=== DATA LISTING ===

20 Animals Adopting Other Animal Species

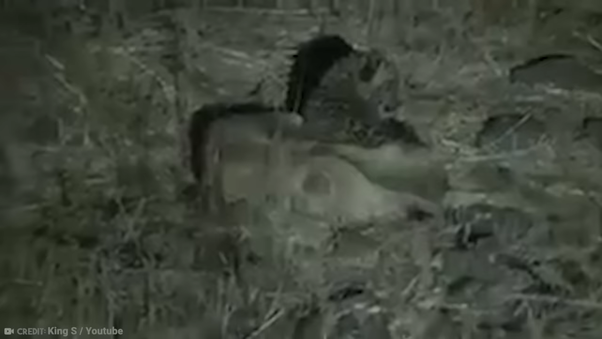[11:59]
will certainly never entertain an interloper from another species within their ranks.
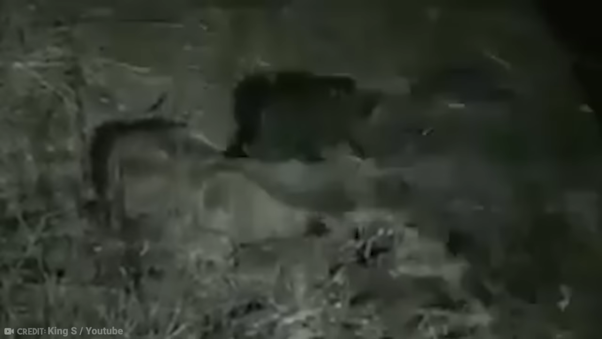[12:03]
However, the Asiatic lion lives separately. The mother takes her litter and nurtures them by herself away from the males.
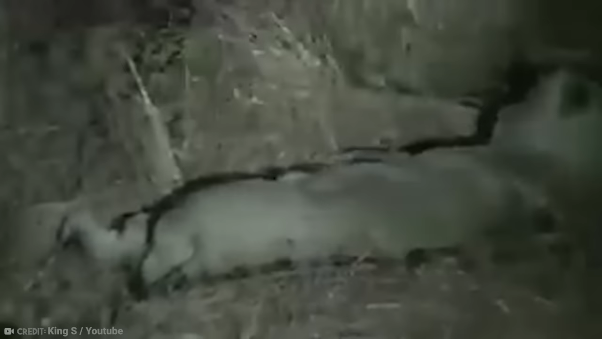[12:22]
There didn't seem to be any real difference between the lion cubs and the little leopard. The lioness watched over them all and took care of the orphan leopard as if it were one of her own.
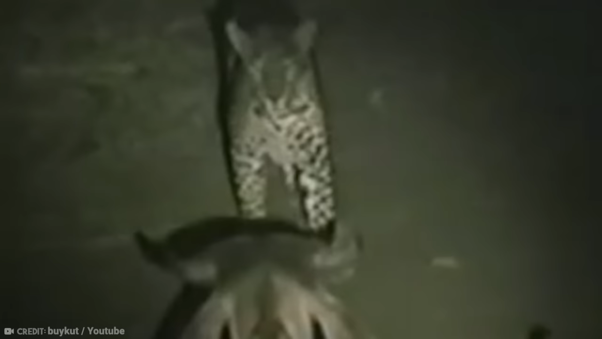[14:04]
still has all of its insides on its inside. After all, a cow generally ends up as a leopard's lunch, especially one that would deign to get this close.

===

→ TASK DETAILS: Reproduce every line of the material above, but drop the pictures.

→ EXERCISE OUTPUT:
20 Animals Adopting Other Animal Species

[11:59]
will certainly never entertain an interloper from another species within their ranks.
[12:03]
However, the Asiatic lion lives separately. The mother takes her litter and nurtures them by herself away from the males.
[12:22]
There didn't seem to be any real difference between the lion cubs and the little leopard. The lioness watched over them all and took care of the orphan leopard as if it were one of her own.
[14:04]
still has all of its insides on its inside. After all, a cow generally ends up as a leopard's lunch, especially one that would deign to get this close.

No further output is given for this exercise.